Scientists have reported a new way to produce the chemotherapeutic agent etoposide, and they believe this discovery could lead to a more stable supply of the drug.
Currently, producing etoposide requires isolating one of its precursors, (–)-podophyllotoxin, from the endangered, slow-growing, Himalayan Mayapple plant (Podophyllum hexandrum).
But researchers found they could generate the immediate precursor to etoposide—(–)-4’-desmethyl-epipodophyllotoxin—in a more easily accessible, faster-growing tobacco plant (Nicotiana benthamiana).
Elizabeth Sattely, PhD, of Stanford University in California, and her graduate student, Warren Lau, described this work in Science.
The pair noted that there are 4 known genes behind (–)-podophyllotoxin production, but the full recipe for this compound has eluded researchers, in part because of the Mayapple’s immense genome.
To tap into the Mayapple’s chemotherapeutic potential, Lau and Dr Sattely first focused on the 4 known genes—PLR, SDH, CYP719A23, and DIR. Then, they analyzed RNA sequencing data from the Mayapple to identify similar genes.
Next, the pair manipulated the tobacco plant to express multiple gene candidates at once and identified the resulting compounds in leaf tissue using mass spectrometry.

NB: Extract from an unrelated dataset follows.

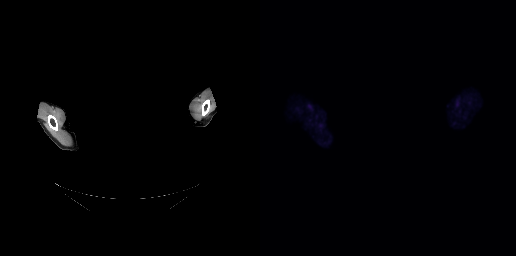
Head region blanked for anonymization (face removed).
This slice has no annotated PSMA-avid lesion.

Dr Sattely and Lau identified 6 new genes—OMT3, CYP71CU1, OMT1, 2-ODD, CYP71BE54, and CYP82D61.
These genes, when expressed with the original 4, produce the immediate etoposide precursor (–)-4′-desmethyl-epipodophyllotoxin, which outperforms (–)-podophyllotoxin as a chemotherapy ingredient.
The researchers said this work has revealed a simpler and more direct route to etoposide that circumvents the semisynthetic epimerization and demethylation required to produce etoposide from (–)-podophyllotoxin.
However, Dr Sattely said the eventual goal is to use yeast instead of plants to produce etoposide. Yeast can be grown in large vats and may therefore provide a more stable source of drugs.
In addition, yeast provides the opportunity to modify genes to produce proteins with slightly different functions. And it may be possible to feed the yeast a slightly different starting product, thereby changing the chemical a molecular assembly line churns out.
These approaches could provide a way of tweaking existing drugs in an effort to improve them.